The template generation unit
With respect to the plurality of uttered sentences that have been voice-recognized, parts other than the keywords are divided by unit characters,
With respect to each unit character of each utterance sentence, making an association based on the same keyword between the utterance sentences,
Generating the utterance template from a character string connecting the unit characters that are absolute or relatively large in the number of times of voice recognition among the unit characters associated with each other;
The spoken dialogue apparatus according to claim 1.

An utterance generator for outputting utterances to the user;
The utterance generation unit outputs the same utterance multiple times,
The template generation unit generates the utterance template using each utterance sentence answered by the user with respect to the plurality of the same utterances.
The spoken dialogue apparatus according to claim 2.
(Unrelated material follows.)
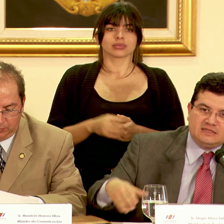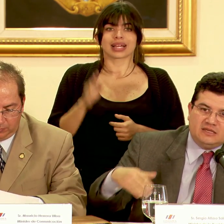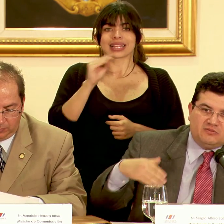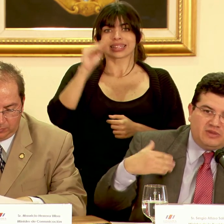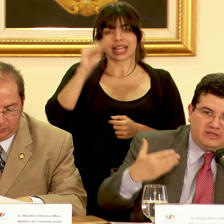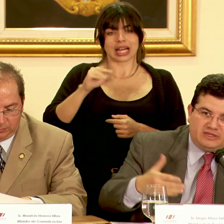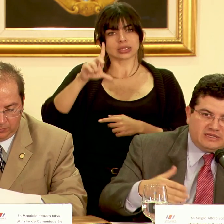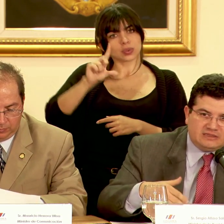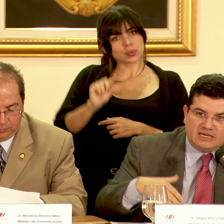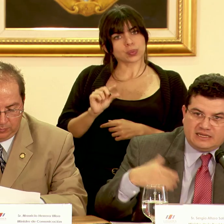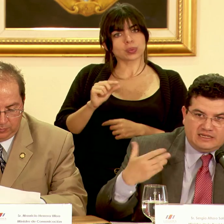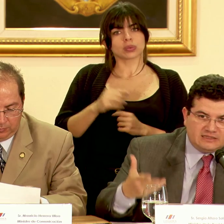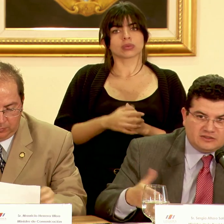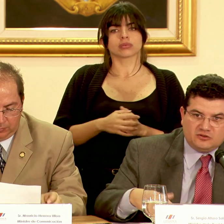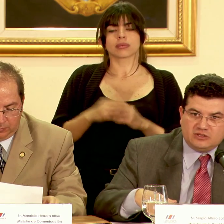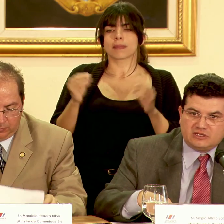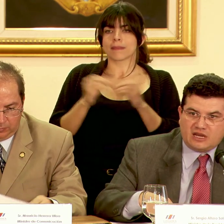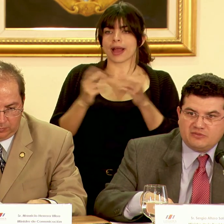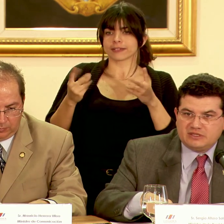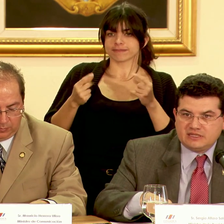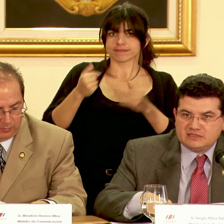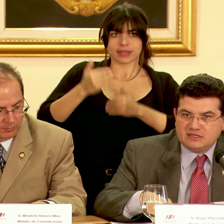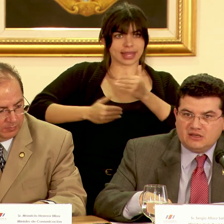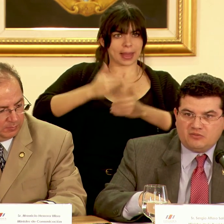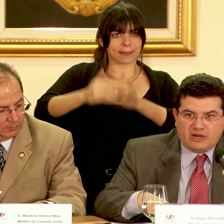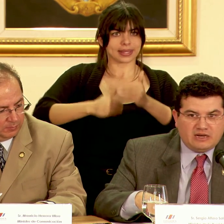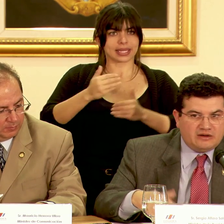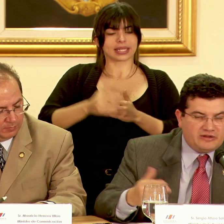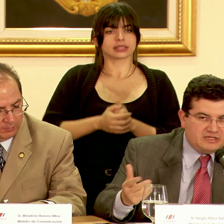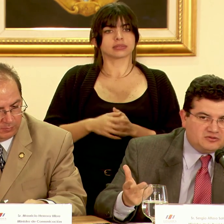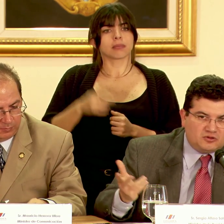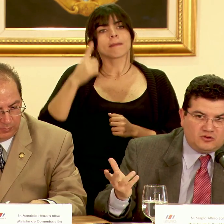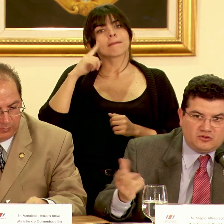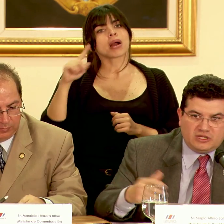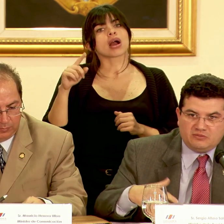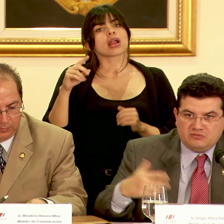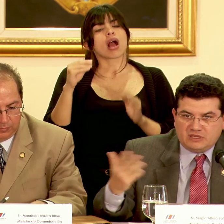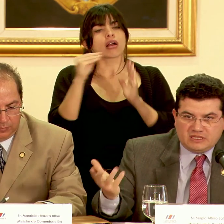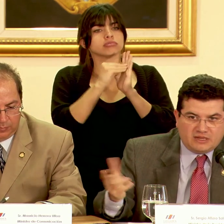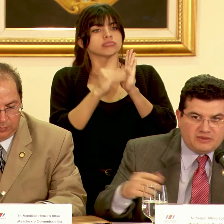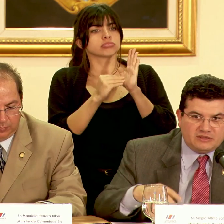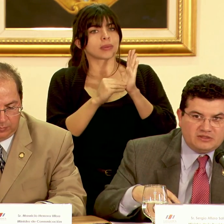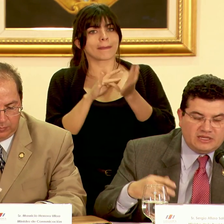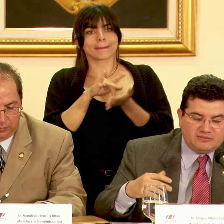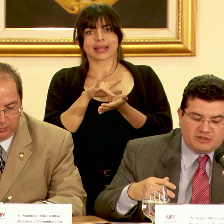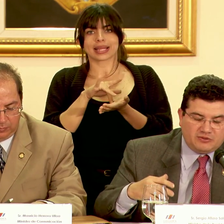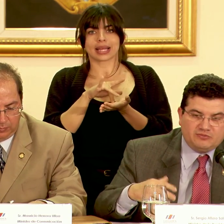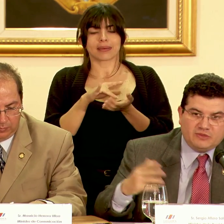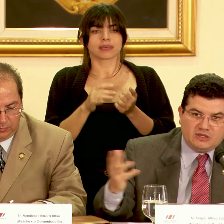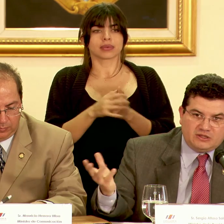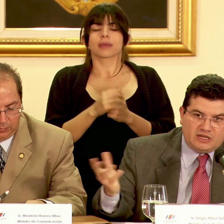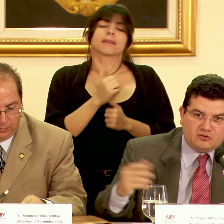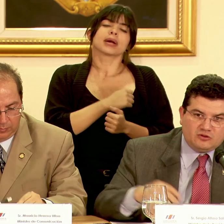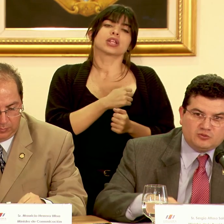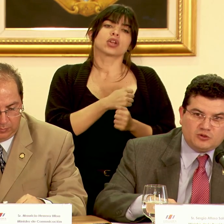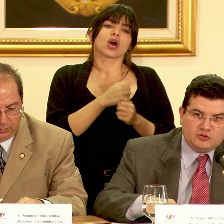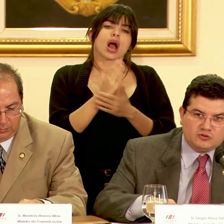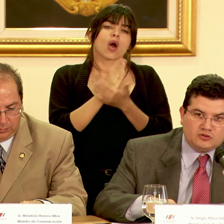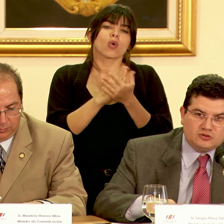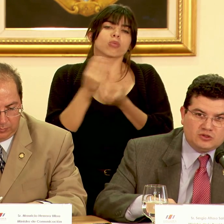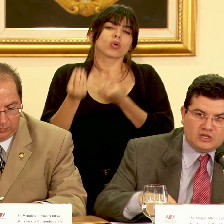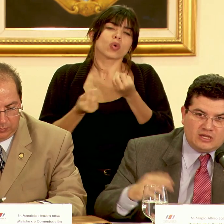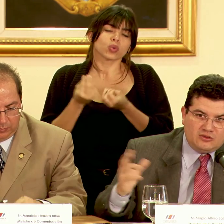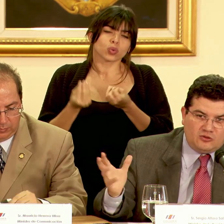tasas medidas de agilización de trámites para el registro de medicamentos perdón de algunos

An utterance generator for outputting utterances to the user;
The utterance generation unit outputs a question sentence such that the user repeats the same utterance sentence as an answer multiple times,
The template generation unit generates the utterance template using each utterance sentence answered by the user with respect to the question sentence a plurality of times.
The spoken dialogue apparatus according to claim 3.

The template generation unit
Among the utterances recognized by the voice recognition unit, the utterance template is generated using only utterances whose similarity is higher than a threshold.
The spoken dialogue apparatus according to claim 1.

The template generation unit
Perform morphological analysis on the utterance template,
Based on the result of the morphological analysis, the original utterance template is changed to generate a new utterance template.
The spoken dialogue apparatus according to claim 2.

The template generation unit
Based on the result of the morphological analysis, change the style of the utterance template to a positive sentence, a negative sentence, or a question sentence, or change the tense of the utterance template to generate a new utterance template.
The voice interactive apparatus according to claim 6.

The template generation unit
Based on the result of the morphological analysis, a word other than the keyword in the original utterance template is changed to a sentence replaced with a word having the same concept as the word, and a new utterance template is generated.
The voice interactive apparatus according to claim 6.